She turns back toward the window. Studies the block as we pass. “I can picture you here,” she says. “Walking these sidewalks. Getting the corner table at Lucia’s. Gino bringing you bread without asking.” She pauses. “It’s very you.”
It is very me. That’s the point. That’s why I chose this place tonight instead of anywhere else I could have taken her. Twenty-two-dollar entrees and handwritten menus and a man who calls me Alec, not Mr. Beckett. Every detail telling the same story: the money didn’t change me.
She’ll understand. She knows me now.
Two blocks from the restaurant, I find a spot on the street. I parallel park, kill the engine. Ella is already reaching for the door handle, eager, her energy tilted forward the way it always is when she’s anticipating something. I come around to her side and she steps out onto the sidewalk.
The evening air is mild, the warmth that lingers on concrete after the sun drops. Her hand finds mine. I can see Lucia’s sign a half block ahead, the old neon script glowing amber against the red brick.
The first flash goes off before I register the source.
Then the second. The third. A cluster of bodies stepping out from between parked cars, and the sound hits before the sense does. Shutters clicking in rapid bursts. Voices overlapping. Aggressive, professional, pitched to provoke.
“Mr. Beckett! Over here!”
“Alec, can you confirm the HoloTech deal to acquire Meridian?”
“Care to comment on the acquisition, Mr. Beckett? Can you give us a number? Is it still expected to close at nine billion?”
“As CEO, will you also be taking control of Meridian if the deal goes through?”
Then they turn their attention to Ella. “Who’s your companion, Alec? Is this official?”
There are four reporters. Maybe five. Financial press, not tabloid. Camera bodies with long lenses, the equipment of people who stake out sources for business stories. They’re here because HoloTech’s acquisition of Meridian Defense Systemshas been front-page financial news for the past several months. The deal I left hanging when Dr. Vaughn ordered me to take time off. Someone must have tipped off these vultures that HoloTech Security’s CEO was spotted in Brooklyn Heights.
They are not here for my love life. But the woman on my arm is a bonus they didn’t expect, and I can hear the shutters accelerating as they get the shot.
My hand tightens on Ella’s.
Everything sharpens. The flashes. The voices. The specific angle of the cameras. Threat assessment is what I do for a living. Evaluate, prioritize, neutralize. The instinct kicks in cold and fast, and for one efficient second I’m processing the scene the way I’d process a security breach: containment, damage control, extraction.
Then I look at Ella.
Her hand has gone rigid in mine.
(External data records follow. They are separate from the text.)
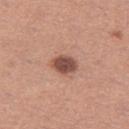Clinical impression: Captured during whole-body skin photography for melanoma surveillance; the lesion was not biopsied. Acquisition and patient details: The lesion is on the left thigh. The tile uses white-light illumination. Longest diameter approximately 3 mm. A lesion tile, about 15 mm wide, cut from a 3D total-body photograph. A female subject aged around 30.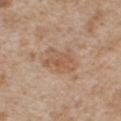Case summary:
* notes — imaged on a skin check; not biopsied
* site — the chest
* diameter — ≈4 mm
* patient — male, roughly 65 years of age
* imaging modality — ~15 mm crop, total-body skin-cancer survey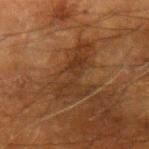Imaged during a routine full-body skin examination; the lesion was not biopsied and no histopathology is available. A male patient, approximately 65 years of age. From the left forearm. A close-up tile cropped from a whole-body skin photograph, about 15 mm across.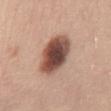Q: Who is the patient?
A: female, about 45 years old
Q: Illumination type?
A: white-light illumination
Q: What kind of image is this?
A: 15 mm crop, total-body photography
Q: What is the anatomic site?
A: the abdomen
Q: What is the lesion's diameter?
A: about 6 mm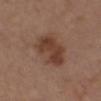Clinical summary:
A female patient, in their 40s. A region of skin cropped from a whole-body photographic capture, roughly 15 mm wide. On the chest.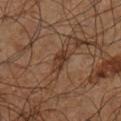Recorded during total-body skin imaging; not selected for excision or biopsy.
The lesion's longest dimension is about 3 mm.
Automated image analysis of the tile measured a normalized lesion–skin contrast near 8. The analysis additionally found border irregularity of about 2.5 on a 0–10 scale, a within-lesion color-variation index near 3/10, and radial color variation of about 1.
This is a cross-polarized tile.
A male subject, aged 58–62.
The lesion is located on the left lower leg.
A roughly 15 mm field-of-view crop from a total-body skin photograph.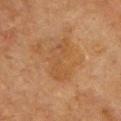workup = imaged on a skin check; not biopsied | image-analysis metrics = an area of roughly 12 mm², an eccentricity of roughly 0.85, and a symmetry-axis asymmetry near 0.35; border irregularity of about 4.5 on a 0–10 scale and a color-variation rating of about 3.5/10 | image = 15 mm crop, total-body photography | lighting = cross-polarized illumination | patient = male, aged 63–67 | size = ~5.5 mm (longest diameter) | site = the chest.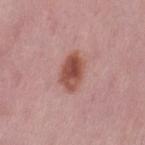| key | value |
|---|---|
| image | total-body-photography crop, ~15 mm field of view |
| location | the left thigh |
| patient | female, aged 48 to 52 |
| diameter | about 4.5 mm |
| lighting | white-light |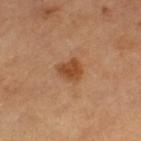Assessment: The lesion was tiled from a total-body skin photograph and was not biopsied. Context: About 3 mm across. An algorithmic analysis of the crop reported a lesion area of about 6 mm². And it measured an average lesion color of about L≈49 a*≈24 b*≈38 (CIELAB) and about 10 CIELAB-L* units darker than the surrounding skin. The analysis additionally found a color-variation rating of about 2.5/10 and peripheral color asymmetry of about 1. The software also gave a classifier nevus-likeness of about 90/100 and a lesion-detection confidence of about 100/100. The subject is a female aged approximately 60. A roughly 15 mm field-of-view crop from a total-body skin photograph. The lesion is on the left thigh. This is a cross-polarized tile.

Her face is turned toward the photographers with her lips parted and her brows drawn together as she tries to make the words she’s hearing fit the man standing beside her.
CEO. HoloTech. Nine-billion-dollar acquisition.
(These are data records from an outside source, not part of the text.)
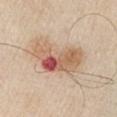| key | value |
|---|---|
| notes | imaged on a skin check; not biopsied |
| patient | male, roughly 80 years of age |
| body site | the left upper arm |
| illumination | white-light |
| acquisition | ~15 mm crop, total-body skin-cancer survey |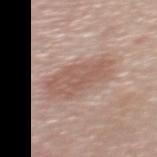workup=imaged on a skin check; not biopsied | anatomic site=the upper back | image source=total-body-photography crop, ~15 mm field of view | lesion diameter=≈6 mm | subject=female, roughly 50 years of age.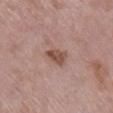This lesion was catalogued during total-body skin photography and was not selected for biopsy. This is a white-light tile. Located on the right lower leg. The patient is a female aged 68 to 72. A region of skin cropped from a whole-body photographic capture, roughly 15 mm wide. Approximately 3 mm at its widest.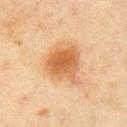biopsy status — catalogued during a skin exam; not biopsied
site — the right upper arm
subject — male, roughly 45 years of age
acquisition — ~15 mm tile from a whole-body skin photo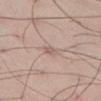No biopsy was performed on this lesion — it was imaged during a full skin examination and was not determined to be concerning.
The lesion is on the abdomen.
A 15 mm crop from a total-body photograph taken for skin-cancer surveillance.
A male patient approximately 45 years of age.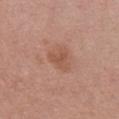{"biopsy_status": "not biopsied; imaged during a skin examination"}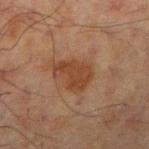This lesion was catalogued during total-body skin photography and was not selected for biopsy. The lesion is on the right upper arm. A male patient, about 70 years old. This image is a 15 mm lesion crop taken from a total-body photograph.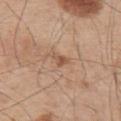Image and clinical context:
Longest diameter approximately 2.5 mm. A roughly 15 mm field-of-view crop from a total-body skin photograph. Captured under white-light illumination. The lesion is located on the upper back. A male patient, about 55 years old.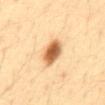Clinical impression:
This lesion was catalogued during total-body skin photography and was not selected for biopsy.
Acquisition and patient details:
Approximately 4 mm at its widest. This is a cross-polarized tile. The total-body-photography lesion software estimated a footprint of about 8.5 mm² and a shape-asymmetry score of about 0.15 (0 = symmetric). And it measured a lesion color around L≈59 a*≈20 b*≈38 in CIELAB, about 17 CIELAB-L* units darker than the surrounding skin, and a normalized border contrast of about 10.5. It also reported an automated nevus-likeness rating near 100 out of 100. Cropped from a whole-body photographic skin survey; the tile spans about 15 mm. A male subject, approximately 35 years of age. The lesion is located on the abdomen.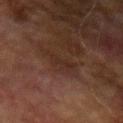Imaged during a routine full-body skin examination; the lesion was not biopsied and no histopathology is available.
A lesion tile, about 15 mm wide, cut from a 3D total-body photograph.
The lesion is on the left forearm.
Approximately 4 mm at its widest.
A male patient, aged 73–77.
Captured under cross-polarized illumination.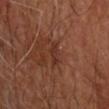Impression: Recorded during total-body skin imaging; not selected for excision or biopsy. Context: The lesion is located on the arm. The patient is a male aged approximately 70. Cropped from a whole-body photographic skin survey; the tile spans about 15 mm. Imaged with cross-polarized lighting.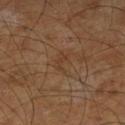<lesion>
<biopsy_status>not biopsied; imaged during a skin examination</biopsy_status>
<site>left lower leg</site>
<lighting>cross-polarized</lighting>
<image>
  <source>total-body photography crop</source>
  <field_of_view_mm>15</field_of_view_mm>
</image>
<patient>
  <sex>male</sex>
  <age_approx>65</age_approx>
</patient>
</lesion>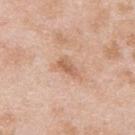Q: Was this lesion biopsied?
A: no biopsy performed (imaged during a skin exam)
Q: Where on the body is the lesion?
A: the upper back
Q: Automated lesion metrics?
A: an area of roughly 4 mm², an eccentricity of roughly 0.85, and a shape-asymmetry score of about 0.35 (0 = symmetric); roughly 10 lightness units darker than nearby skin and a normalized lesion–skin contrast near 6.5; a peripheral color-asymmetry measure near 0.5
Q: Patient demographics?
A: male, aged 23 to 27
Q: What kind of image is this?
A: ~15 mm crop, total-body skin-cancer survey
Q: What is the lesion's diameter?
A: ≈3 mm
Q: Illumination type?
A: white-light illumination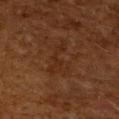Findings:
– workup — catalogued during a skin exam; not biopsied
– lesion size — ≈5 mm
– image — 15 mm crop, total-body photography
– image-analysis metrics — a lesion area of about 8 mm², a shape eccentricity near 0.9, and two-axis asymmetry of about 0.65; lesion-presence confidence of about 85/100
– illumination — cross-polarized illumination
– patient — male, aged 58 to 62
– location — the left upper arm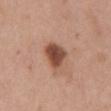follow-up: no biopsy performed (imaged during a skin exam)
site: the front of the torso
image source: 15 mm crop, total-body photography
illumination: white-light
subject: female, aged 58–62
image-analysis metrics: a footprint of about 7.5 mm², an outline eccentricity of about 0.6 (0 = round, 1 = elongated), and a symmetry-axis asymmetry near 0.25; an average lesion color of about L≈47 a*≈23 b*≈29 (CIELAB), roughly 16 lightness units darker than nearby skin, and a normalized border contrast of about 11; a border-irregularity index near 2.5/10, internal color variation of about 3.5 on a 0–10 scale, and peripheral color asymmetry of about 1; a nevus-likeness score of about 100/100 and a lesion-detection confidence of about 100/100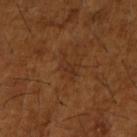The lesion was photographed on a routine skin check and not biopsied; there is no pathology result. A 15 mm close-up extracted from a 3D total-body photography capture. Imaged with cross-polarized lighting. The patient is a male aged 63 to 67. The lesion's longest dimension is about 3 mm. On the right upper arm. The lesion-visualizer software estimated a shape eccentricity near 0.85. The analysis additionally found border irregularity of about 6 on a 0–10 scale and radial color variation of about 0.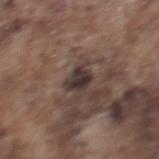Assessment:
This lesion was catalogued during total-body skin photography and was not selected for biopsy.
Clinical summary:
The tile uses white-light illumination. On the mid back. A male subject aged around 75. A roughly 15 mm field-of-view crop from a total-body skin photograph.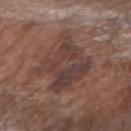notes: total-body-photography surveillance lesion; no biopsy
patient: male, aged approximately 70
site: the right forearm
image source: ~15 mm tile from a whole-body skin photo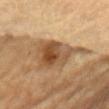Acquisition and patient details:
The lesion's longest dimension is about 7 mm. The lesion is on the mid back. This is a cross-polarized tile. An algorithmic analysis of the crop reported a footprint of about 19 mm², an eccentricity of roughly 0.75, and a shape-asymmetry score of about 0.4 (0 = symmetric). And it measured border irregularity of about 5 on a 0–10 scale and a color-variation rating of about 7/10. The software also gave an automated nevus-likeness rating near 85 out of 100. This image is a 15 mm lesion crop taken from a total-body photograph. A male patient, aged approximately 85 or older.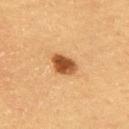Assessment:
No biopsy was performed on this lesion — it was imaged during a full skin examination and was not determined to be concerning.
Image and clinical context:
A male patient, approximately 60 years of age. A close-up tile cropped from a whole-body skin photograph, about 15 mm across. Captured under cross-polarized illumination. On the upper back. Longest diameter approximately 3.5 mm. The lesion-visualizer software estimated a footprint of about 6 mm² and an eccentricity of roughly 0.7. The software also gave an average lesion color of about L≈46 a*≈23 b*≈38 (CIELAB), about 17 CIELAB-L* units darker than the surrounding skin, and a lesion-to-skin contrast of about 11.5 (normalized; higher = more distinct).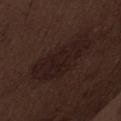workup: no biopsy performed (imaged during a skin exam) | image source: ~15 mm crop, total-body skin-cancer survey | site: the abdomen | subject: male, aged around 70.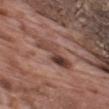notes = total-body-photography surveillance lesion; no biopsy | anatomic site = the upper back | imaging modality = total-body-photography crop, ~15 mm field of view | patient = male, aged around 70 | lighting = white-light illumination.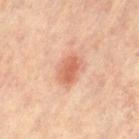follow-up: catalogued during a skin exam; not biopsied
subject: female, roughly 65 years of age
location: the leg
lighting: cross-polarized illumination
TBP lesion metrics: an area of roughly 7 mm², an outline eccentricity of about 0.75 (0 = round, 1 = elongated), and a symmetry-axis asymmetry near 0.25; border irregularity of about 2.5 on a 0–10 scale, internal color variation of about 3 on a 0–10 scale, and radial color variation of about 1
image: ~15 mm tile from a whole-body skin photo
lesion size: ~3.5 mm (longest diameter)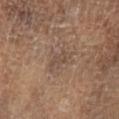{"biopsy_status": "not biopsied; imaged during a skin examination", "image": {"source": "total-body photography crop", "field_of_view_mm": 15}, "automated_metrics": {"cielab_L": 44, "cielab_a": 14, "cielab_b": 24, "vs_skin_darker_L": 6.0, "vs_skin_contrast_norm": 5.0, "border_irregularity_0_10": 4.0, "color_variation_0_10": 0.5, "peripheral_color_asymmetry": 0.0, "nevus_likeness_0_100": 0, "lesion_detection_confidence_0_100": 70}, "patient": {"sex": "male", "age_approx": 65}, "lesion_size": {"long_diameter_mm_approx": 3.0}, "lighting": "cross-polarized", "site": "left lower leg"}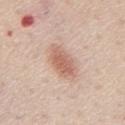No biopsy was performed on this lesion — it was imaged during a full skin examination and was not determined to be concerning.
The lesion's longest dimension is about 4.5 mm.
A male patient aged around 60.
The lesion is located on the back.
This image is a 15 mm lesion crop taken from a total-body photograph.

I watch the confusion land first. The furrow on her forehead as she tries to parse why strangers with cameras are shouting at the tech nerd she knows as Alec. Just Alec. The guy with the meditation app and the heart condition and the dad who drove a forklift.
Then the recognition. It arrives in stages, and I can see each one because I am a man who notices everything about this woman and right now that gift is a punishment. Her eyes flick to me. Back to the photographers. Back to me. The furrow smooths out and what replaces it is worse. Her mouth closes. Her jaw sets. I can see her rewinding. The suite in Barbados. The resort. The dinners, the private beach, the boutique, the effortless way luxury moved around us like weather I never acknowledged.
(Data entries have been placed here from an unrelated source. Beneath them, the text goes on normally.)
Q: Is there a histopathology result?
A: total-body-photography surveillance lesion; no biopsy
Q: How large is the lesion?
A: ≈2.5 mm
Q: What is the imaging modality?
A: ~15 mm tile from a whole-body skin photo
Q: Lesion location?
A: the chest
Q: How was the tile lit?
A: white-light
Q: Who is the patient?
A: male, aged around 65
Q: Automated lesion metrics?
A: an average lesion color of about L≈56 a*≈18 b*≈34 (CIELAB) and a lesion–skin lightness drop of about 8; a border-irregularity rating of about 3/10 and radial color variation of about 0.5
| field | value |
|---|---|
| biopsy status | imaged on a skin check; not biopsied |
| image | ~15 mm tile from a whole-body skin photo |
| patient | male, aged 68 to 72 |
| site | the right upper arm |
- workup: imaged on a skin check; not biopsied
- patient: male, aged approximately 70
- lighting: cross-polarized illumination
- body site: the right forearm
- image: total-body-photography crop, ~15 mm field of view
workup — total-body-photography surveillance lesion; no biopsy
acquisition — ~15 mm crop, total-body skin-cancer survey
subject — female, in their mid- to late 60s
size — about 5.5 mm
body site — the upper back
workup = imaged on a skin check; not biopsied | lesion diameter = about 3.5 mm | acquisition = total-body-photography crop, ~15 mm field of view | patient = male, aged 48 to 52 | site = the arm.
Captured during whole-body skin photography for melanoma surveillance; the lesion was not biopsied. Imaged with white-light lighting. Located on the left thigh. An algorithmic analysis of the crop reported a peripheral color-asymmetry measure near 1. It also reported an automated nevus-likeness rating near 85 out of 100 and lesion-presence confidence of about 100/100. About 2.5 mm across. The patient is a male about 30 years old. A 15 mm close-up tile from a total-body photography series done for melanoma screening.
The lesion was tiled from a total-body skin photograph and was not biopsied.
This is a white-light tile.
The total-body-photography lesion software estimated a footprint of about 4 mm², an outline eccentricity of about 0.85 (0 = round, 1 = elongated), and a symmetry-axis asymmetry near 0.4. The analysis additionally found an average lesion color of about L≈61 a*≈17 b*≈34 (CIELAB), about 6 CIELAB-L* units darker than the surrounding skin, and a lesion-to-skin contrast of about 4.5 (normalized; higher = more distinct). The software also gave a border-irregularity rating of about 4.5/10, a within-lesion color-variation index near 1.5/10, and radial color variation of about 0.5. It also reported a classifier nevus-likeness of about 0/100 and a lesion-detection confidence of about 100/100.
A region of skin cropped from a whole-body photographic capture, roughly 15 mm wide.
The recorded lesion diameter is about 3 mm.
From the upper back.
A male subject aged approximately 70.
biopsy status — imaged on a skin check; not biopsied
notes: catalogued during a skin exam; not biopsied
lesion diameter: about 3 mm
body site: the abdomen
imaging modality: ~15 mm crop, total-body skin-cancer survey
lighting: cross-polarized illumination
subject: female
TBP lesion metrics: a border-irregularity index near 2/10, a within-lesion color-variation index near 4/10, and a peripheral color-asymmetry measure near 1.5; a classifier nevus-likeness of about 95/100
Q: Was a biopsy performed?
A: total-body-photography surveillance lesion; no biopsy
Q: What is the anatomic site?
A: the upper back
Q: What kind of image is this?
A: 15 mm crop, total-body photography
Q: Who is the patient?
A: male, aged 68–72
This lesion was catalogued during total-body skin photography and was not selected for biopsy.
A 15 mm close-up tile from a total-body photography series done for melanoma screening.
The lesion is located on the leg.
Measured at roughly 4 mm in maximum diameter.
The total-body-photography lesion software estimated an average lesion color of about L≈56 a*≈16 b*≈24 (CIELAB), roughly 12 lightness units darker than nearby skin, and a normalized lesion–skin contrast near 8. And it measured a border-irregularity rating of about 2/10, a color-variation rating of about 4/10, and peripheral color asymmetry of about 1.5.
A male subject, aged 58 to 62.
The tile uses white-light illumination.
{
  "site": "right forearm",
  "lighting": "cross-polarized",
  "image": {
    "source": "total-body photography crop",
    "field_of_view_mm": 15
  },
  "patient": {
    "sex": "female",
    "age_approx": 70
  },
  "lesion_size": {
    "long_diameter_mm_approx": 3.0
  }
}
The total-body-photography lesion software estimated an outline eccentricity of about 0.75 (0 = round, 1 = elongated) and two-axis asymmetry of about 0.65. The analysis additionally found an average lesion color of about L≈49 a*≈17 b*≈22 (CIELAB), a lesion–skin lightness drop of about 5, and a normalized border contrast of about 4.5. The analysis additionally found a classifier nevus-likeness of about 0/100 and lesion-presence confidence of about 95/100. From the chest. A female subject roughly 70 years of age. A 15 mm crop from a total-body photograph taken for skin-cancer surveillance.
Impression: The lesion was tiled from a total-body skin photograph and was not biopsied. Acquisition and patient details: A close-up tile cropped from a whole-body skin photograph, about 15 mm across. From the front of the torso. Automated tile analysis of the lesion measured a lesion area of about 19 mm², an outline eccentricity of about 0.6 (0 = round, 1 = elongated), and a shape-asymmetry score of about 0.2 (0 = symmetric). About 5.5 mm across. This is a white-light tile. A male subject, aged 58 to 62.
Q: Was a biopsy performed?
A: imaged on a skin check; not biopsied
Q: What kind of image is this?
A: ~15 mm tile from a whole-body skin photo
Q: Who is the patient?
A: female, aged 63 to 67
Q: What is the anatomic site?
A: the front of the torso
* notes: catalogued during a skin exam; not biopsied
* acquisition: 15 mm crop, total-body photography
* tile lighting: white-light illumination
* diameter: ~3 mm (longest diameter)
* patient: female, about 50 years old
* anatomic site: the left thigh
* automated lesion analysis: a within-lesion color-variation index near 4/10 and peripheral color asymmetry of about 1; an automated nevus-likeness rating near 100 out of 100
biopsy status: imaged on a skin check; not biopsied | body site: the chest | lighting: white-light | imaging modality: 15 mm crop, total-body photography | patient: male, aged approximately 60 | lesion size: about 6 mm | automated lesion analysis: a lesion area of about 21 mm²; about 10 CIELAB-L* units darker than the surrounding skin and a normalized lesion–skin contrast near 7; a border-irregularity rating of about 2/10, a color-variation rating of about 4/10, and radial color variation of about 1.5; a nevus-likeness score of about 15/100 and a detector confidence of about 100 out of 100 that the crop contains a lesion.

Her hand loosens in mine. Not a pull. A release. Her fingers simply stop holding. She lets go, folding her arms across her chest like a shield.
The hurt comes third. It’s quiet. It doesn’t announce itself. Her blue eyes meet my stare and the trust that has lived in them since she fell asleep on my chest in Barbados is gone. Replaced by something flat and careful. She’s recalculating. Everything she thought she knew, running back through it with new numbers.
Then the anger. Not rage. Not heat. Cold and inevitable and familiar. She’s felt this before. The feeling of being the person on the outside. Fuck. I’ve done this to her.
Ella’s chin lifts. Her shoulders square. And the openness that has defined her face since the day I met her closes like a door I can hear locking from the inside.
I’ve already lost her.
I move on instinct, even though I’m late making my limbs work. I get between her and the cameras. My hand goes to the small of her back, guiding her, turning her toward the car. The photographers keep firing. I hear my name again, my company name, a question about Meridian’s board vote. I don’t respond. I get Ella to the passenger door. Open it. She gets in without looking at me.
The irony is not lost on me. I build security systems for a living. My instinct is to protect her, and protection is what destroyed this. Every day I shielded her from the truth, I was building the weapon that just went off in her face.
Damn it.
I round the car. Get in. Pull away from the curb. The photographers fall behind in the mirror.